"We're expecting a full house and we've got no indications we need to prepare for anything different," stadium manager Shane Harmon said.
The 2010 match and New Zealand's subsequent performance in South Africa, where it was the only team to leave the World Cup unbeaten while still not progressing beyond pool play, were seen as revolutionary for football in New Zealand, which has never been able to break out of rugby's shadow.
New Zealand's only professional team, the Wellington Phoenix, was also enjoying its best season in Australia's A-League in 2010 and for a short time audiences for football, both live and on television, hit peaks. Junior playing numbers rose, causing some commentators to predict football would eventually overtake rugby as New Zealand's national sport.

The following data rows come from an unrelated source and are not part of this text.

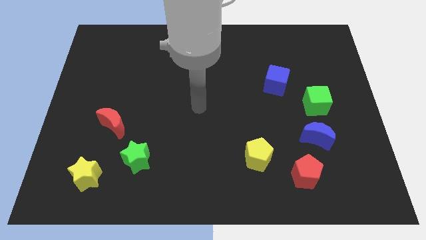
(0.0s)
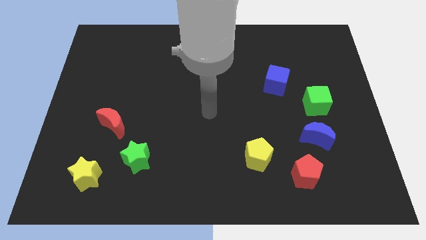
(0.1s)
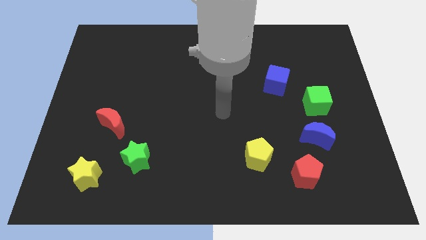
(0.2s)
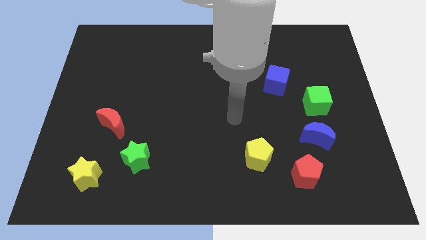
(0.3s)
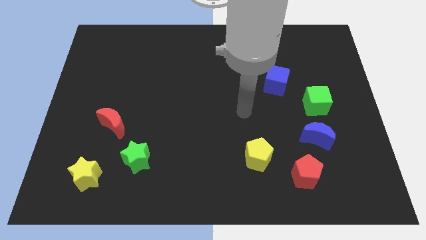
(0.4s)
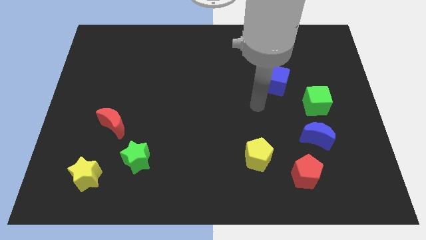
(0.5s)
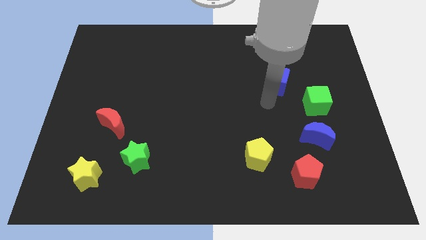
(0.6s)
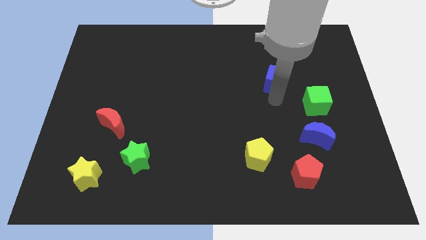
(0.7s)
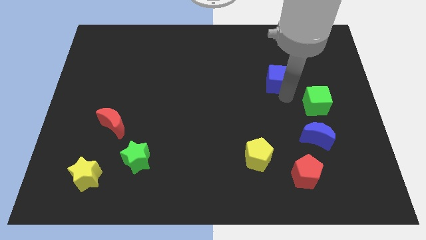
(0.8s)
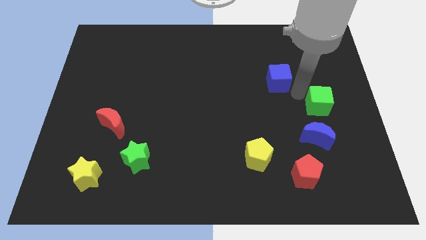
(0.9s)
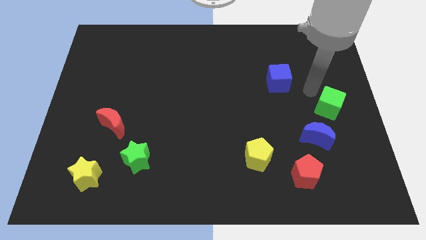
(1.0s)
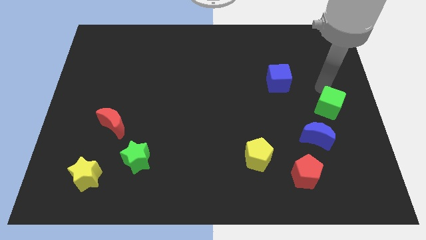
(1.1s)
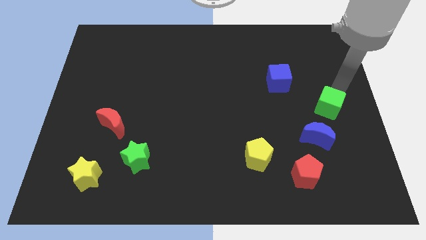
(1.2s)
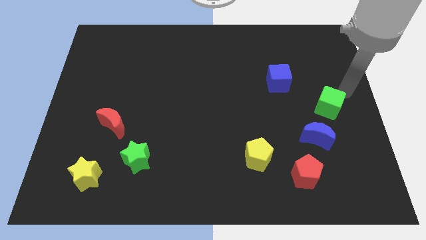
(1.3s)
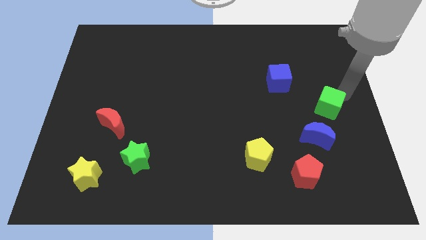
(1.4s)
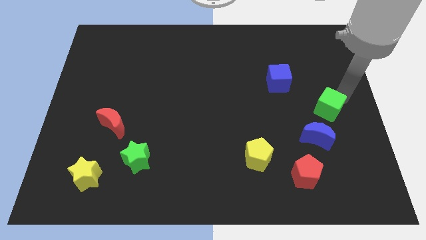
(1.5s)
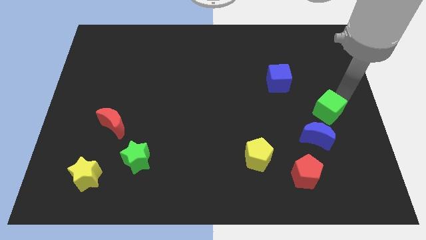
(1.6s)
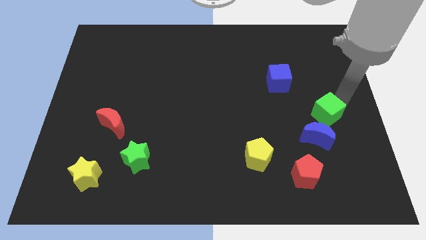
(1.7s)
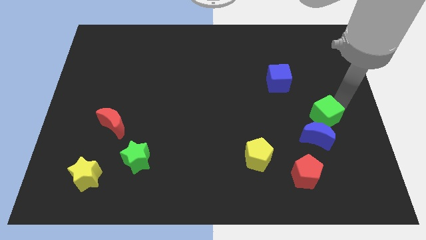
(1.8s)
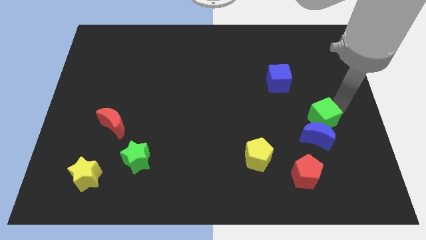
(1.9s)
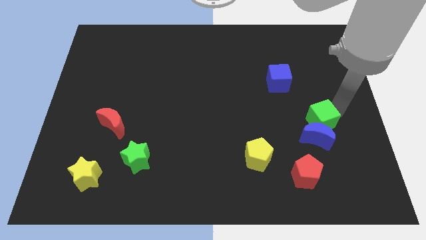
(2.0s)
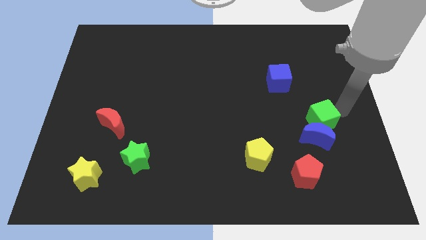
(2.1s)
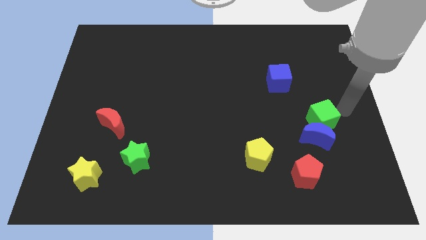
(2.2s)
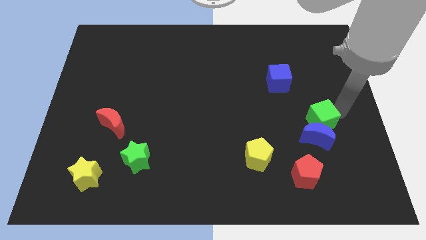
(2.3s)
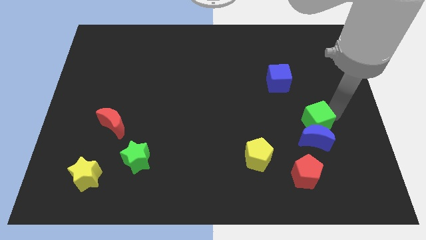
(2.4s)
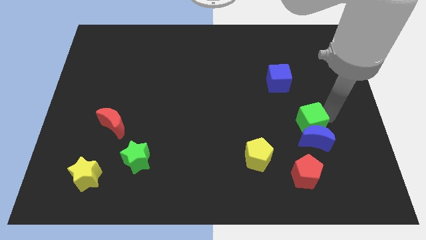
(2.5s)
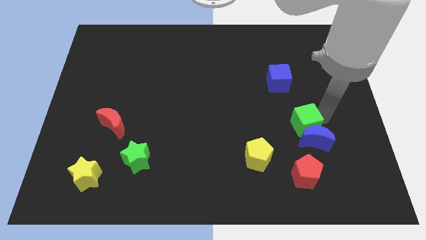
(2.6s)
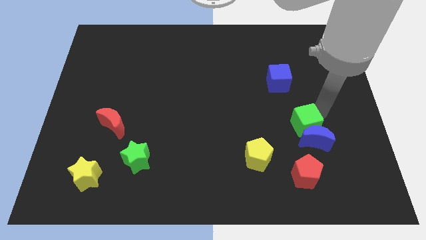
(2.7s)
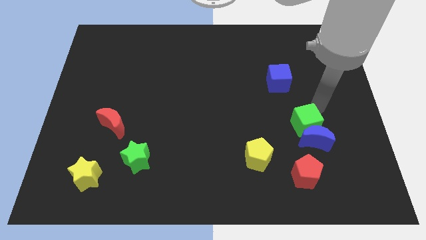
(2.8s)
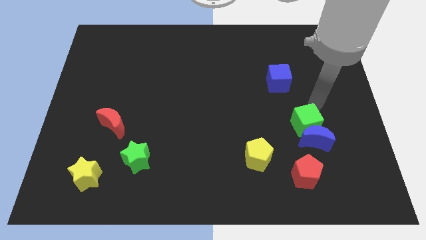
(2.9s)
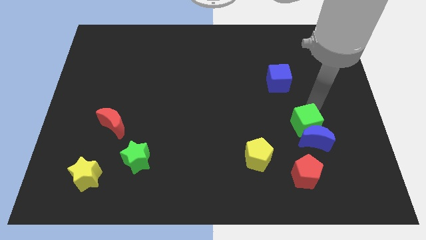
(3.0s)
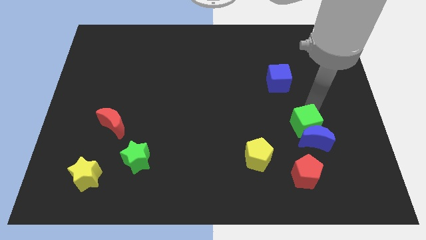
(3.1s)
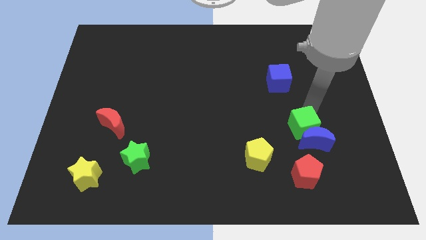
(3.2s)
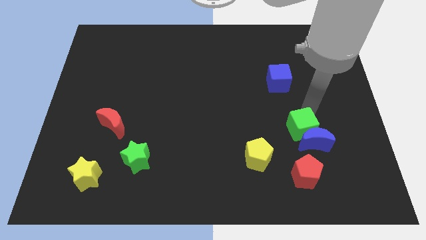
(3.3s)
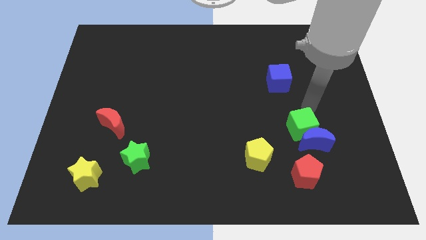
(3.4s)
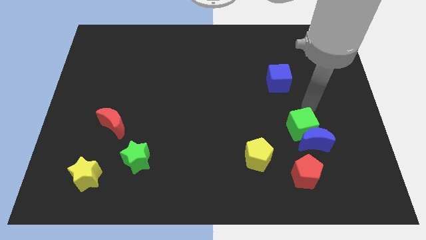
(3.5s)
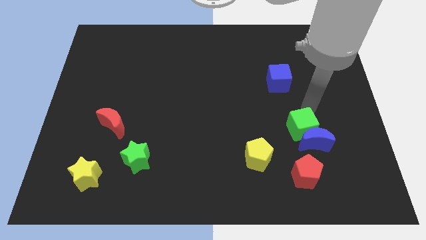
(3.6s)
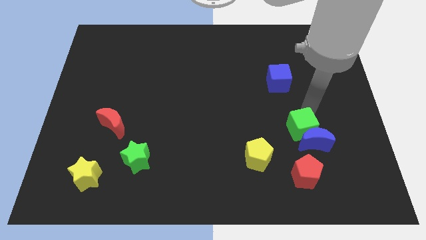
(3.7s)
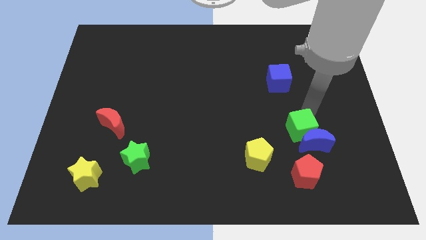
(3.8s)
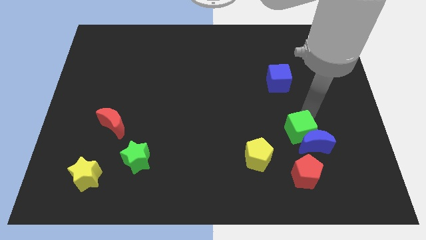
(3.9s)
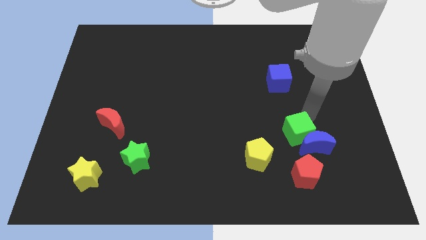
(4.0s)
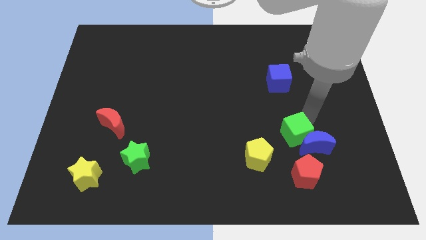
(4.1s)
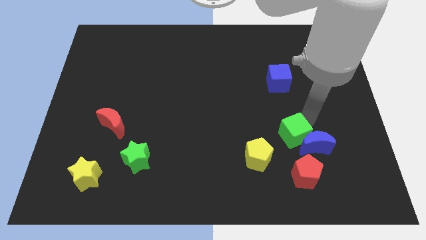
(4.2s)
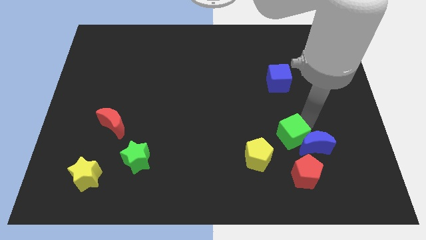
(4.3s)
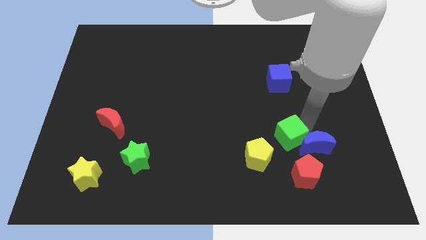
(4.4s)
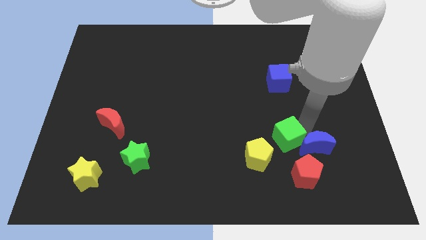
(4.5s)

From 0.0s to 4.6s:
put the green cube to the right side of the yellow pentagon

But interest in the sport has steadily waned over the intervening four years. The Phoenix have finished last in the A-League in three of the last six seasons and the national team's form has been mixed, although it continues to dominate the Oceania Confederation the smallest of football's regional conferences and only after Australia left the confederation to play in Asia.
New Zealand won the Oceania World Cup qualifying competition, although it lost 2-0 to 126th-ranked New Caledonia at the Oceania Nations Cup, which allowed Tahiti to represent the region at the Confederations Cup tournament in Brazil.
The failure of football authorities in New Zealand to capitalize on the success of 2010 mirror their similar unpreparedness when New Zealand first qualified for a World Cup, in Spain in 1982, after the longest qualifying campaign in history.
New Zealand's success in that season followed the deeply divisive rugby tour to New Zealand in 1981 by the South African Springboks. South Africa was then still in the grip of apartheid and protests against the tour reached a level of violence never previously seen in New Zealand, leading to a backlash against rugby, including by parents directing their children to other sports.
Against that backdrop was the New Zealand football team's ground-breaking success and the thrilling nature of their campaign they had to beat Saudi Arabia by five goals in their penultimate game to keep their hopes alive and did so, in Saudi Arabia.
But football wasn't prepared for the sudden rise in support and the massive influx of new, young players. They hadn't the grounds, the coaches or the competitions to cope with those numbers and most converted players drifted away, leaving football again a minority sport.
The loss to Mexico, which all but ended New Zealand's hopes of qualifying for Brazil next year, has likely set back football's growth in New Zealand.
The Bahrain match four years ago, won by a single goal from England-based striker Rory Fallon, galvanized football fans in New Zealand and won the sport more admirers.
The atmosphere at the stadium that night was loud, raucous but family-friendly and many parents believed they had found a sport they could enjoy with their children, more than rugby tests where often liquor-laced behavior deters family groups.
Recriminations over the defeat in Mexico have already begun with newspapers calling for Ricki Herbert, national coach since 2005, to resign. Herbert has been heavily criticized for the defensive tactics New Zealand employed in Mexico City.
Herbert angrily hit back at those calling for a change of coach, saying "is there anyone better?"
"It's not about me, it's about the future of the game," Herbert said.
On the positive side, more New Zealanders are playing professionally overseas than ever before, including West Ham captain Winston Reid.
But losses like the latest one to Mexico reinforce the belief that New Zealand football still has a long way to go. It's an unpalatable message in a country brought up on the feats of rugby's All Blacks, who have maintained an 80 percent win record over 108 years and are unbeaten in 2013.